Biz bu on dört yıla da değinmeden, son on bir ayın içinde de 1.816 işçi -daha bir yıl olmamış- hayatını kaybetmiş ve bunların hiçbirinin failiyle ilgili bugüne kadar açığa çıkarılmış ya da mahkeme edilmiş, sorgulanmış, netleşmiş bir durum da söz konusu değil.

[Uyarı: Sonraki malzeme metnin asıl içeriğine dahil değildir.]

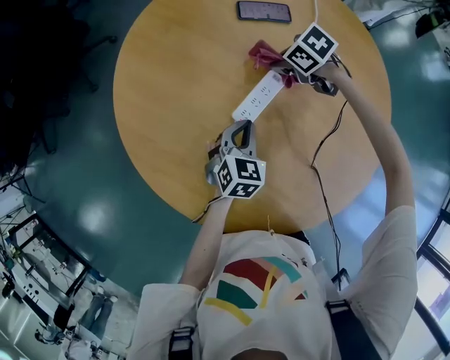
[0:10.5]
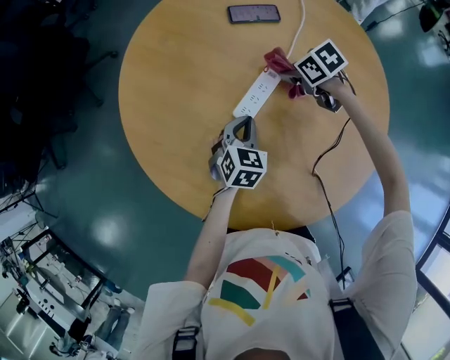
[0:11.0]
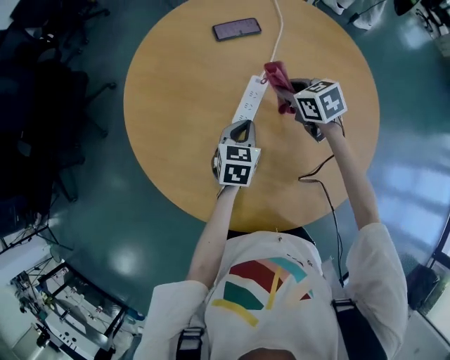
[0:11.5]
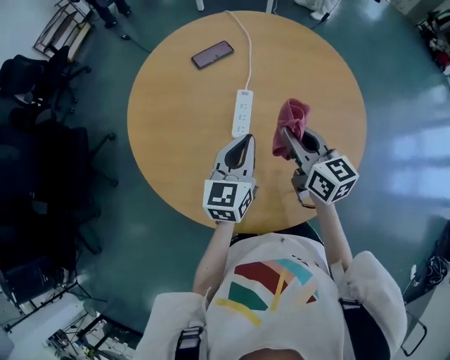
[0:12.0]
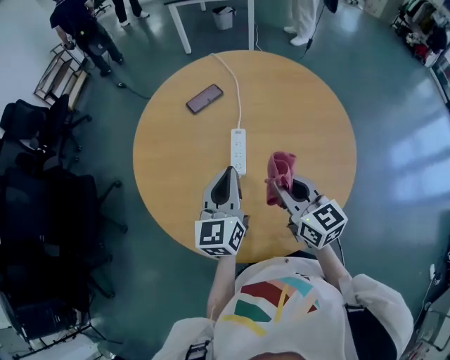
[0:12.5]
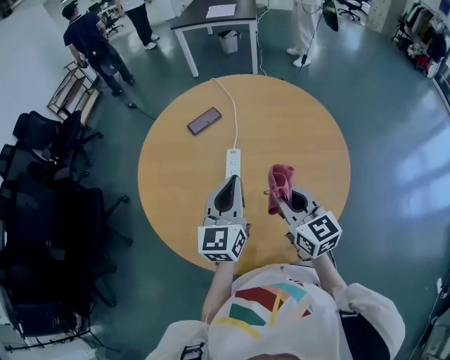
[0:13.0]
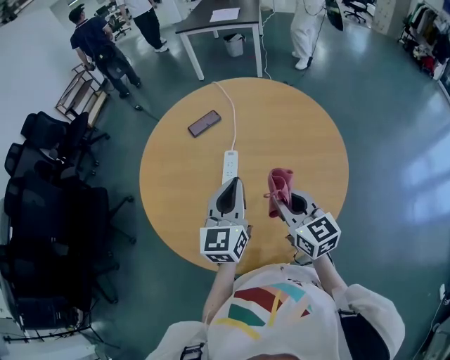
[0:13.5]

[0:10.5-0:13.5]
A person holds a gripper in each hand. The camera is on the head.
0:10.5 to 0:12.0: The left gripper is displaced upward by some 25 cm, and angles its fingers upward, by approximately 30 degrees, while the right gripper moves approximately 40 cm, and points its fingers some 50 degrees further upward.
0:12.0 to 0:13.5: The right gripper shifts approximately 10 cm backward and upward; the left gripper is displaced upward by some 15 cm.

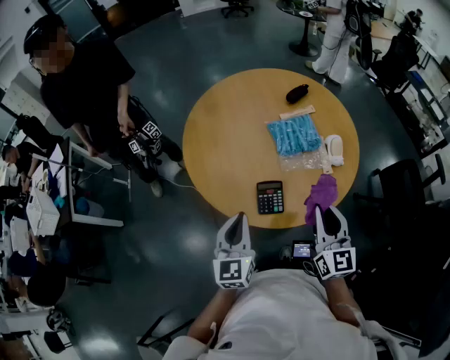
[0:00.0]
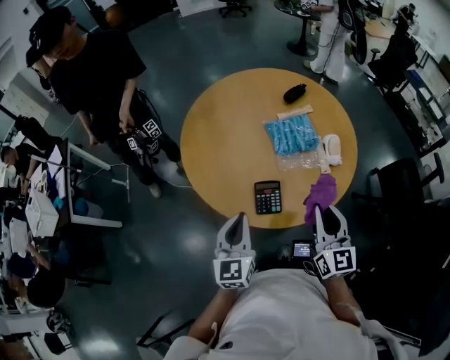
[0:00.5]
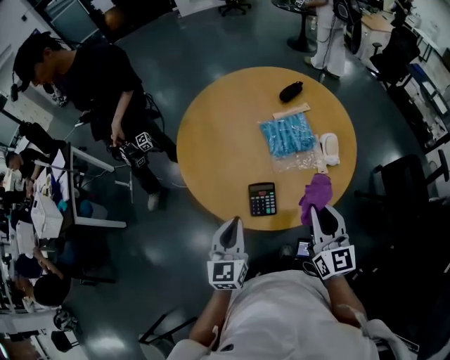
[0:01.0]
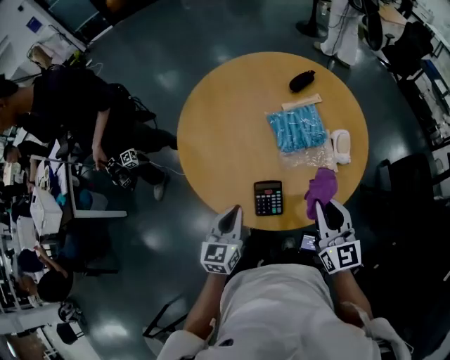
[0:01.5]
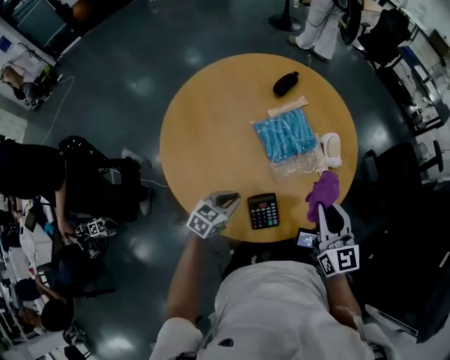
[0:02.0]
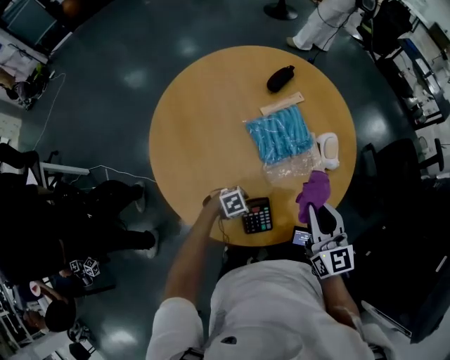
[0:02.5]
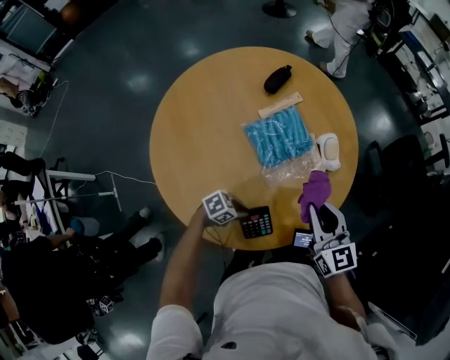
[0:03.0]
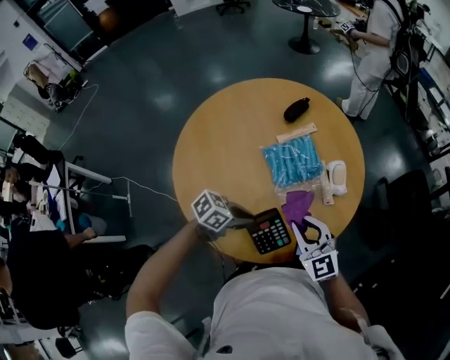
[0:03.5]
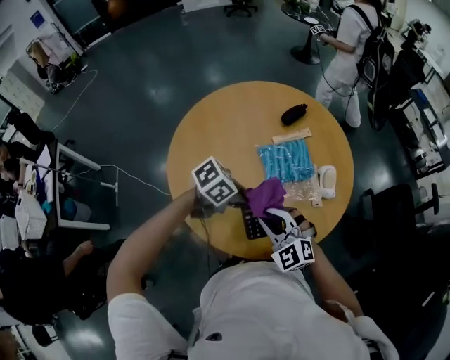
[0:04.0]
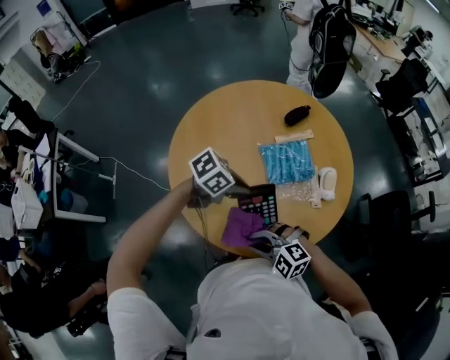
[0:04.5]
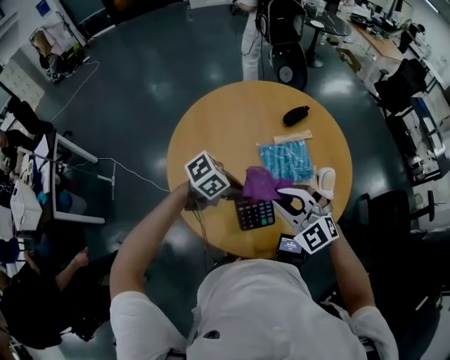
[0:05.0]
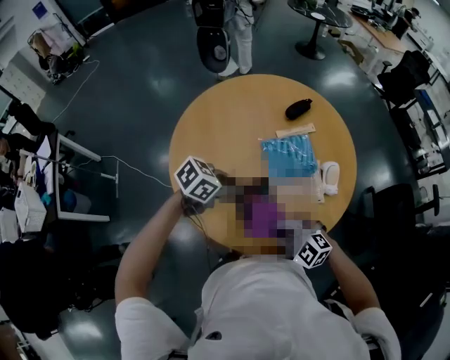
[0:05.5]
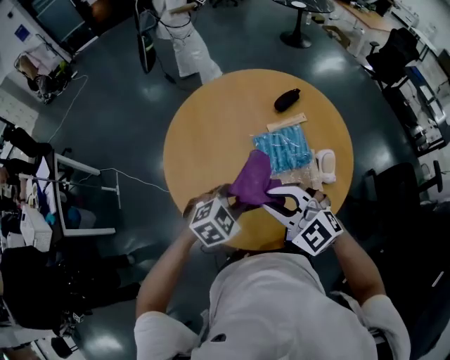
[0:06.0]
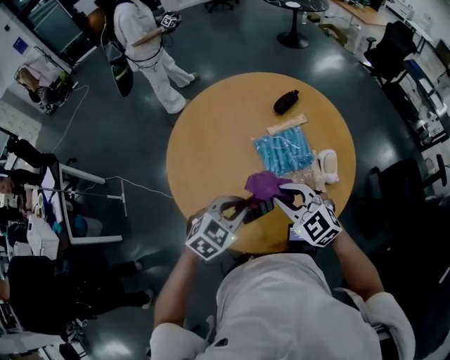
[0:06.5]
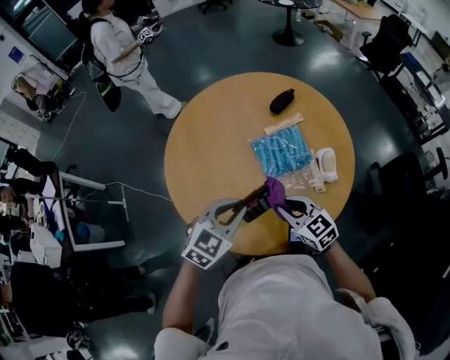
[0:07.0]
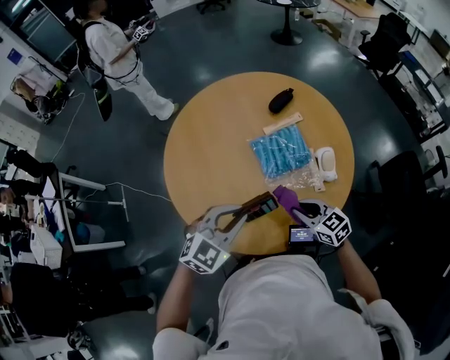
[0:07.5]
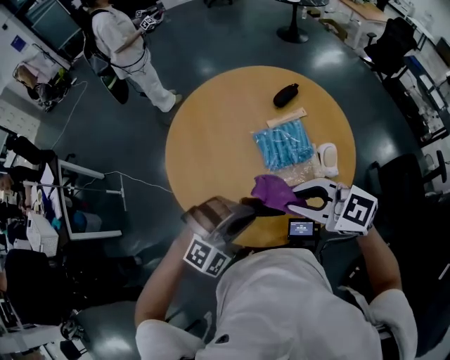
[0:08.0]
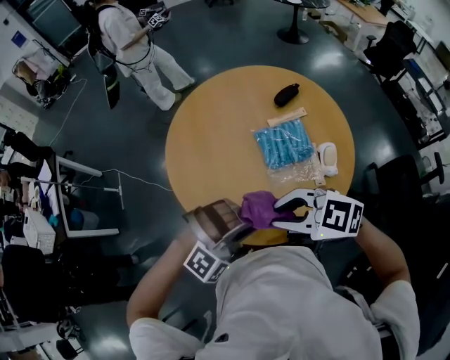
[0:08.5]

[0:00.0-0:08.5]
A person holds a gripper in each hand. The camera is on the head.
0:00.0 to 0:02.0: The left gripper heads downward, covering about 20 cm, and changes its angle by some 60 degrees. The right gripper ends up about 10 cm from where it was.
0:02.0 to 0:04.0: The right gripper ends up some 15 cm from where it was, and rotates about 60 degrees. The left gripper shifts roughly 15 cm upward, and rotates about 30 degrees.
0:04.0 to 0:06.5: The left gripper turns by some 40 degrees, while the right gripper moves up and down over approximately 15 cm, changing direction 4 times.
0:06.5 to 0:08.5: The left gripper shifts by approximately 10 cm, and rotates around the line of its fingers by roughly 60 degrees, clockwise from behind. Meanwhile the right gripper changes place by some 15 cm, and swivels some 40 degrees.

Onun için oluşturulan bütçelerin ranta gideceği, oluşturulan bütçelerin sermayeyi korumaya gideceği, oluşturulan bütçenin yer altını, yer üstünü, doğayı, coğrafyayı katletme bütçesi olduğu açıktır ve ortadır, daha Ermenek ortadadır, daha Soma ortadadır -belirttiğimiz gibi- daha Şirvan ortadadır, daha Elbistan, Afşin cinayeti ortadadır ve hiçbir yetkili bunlara dair sorumluluğunu, hesabını vermemiştir.

Siyaseten de AKP gerçekliğinin bütçelerle, ekonomilerle rakamlar açıklayarak ne kadar iyi siyaset yaptığı açığa çıkmayacaktır. Siz bu rakamları rant için açıklıyorsunuz, bu rakamları Türkiye'nin yükselmesi, büyümesi için yapmıyorsunuz.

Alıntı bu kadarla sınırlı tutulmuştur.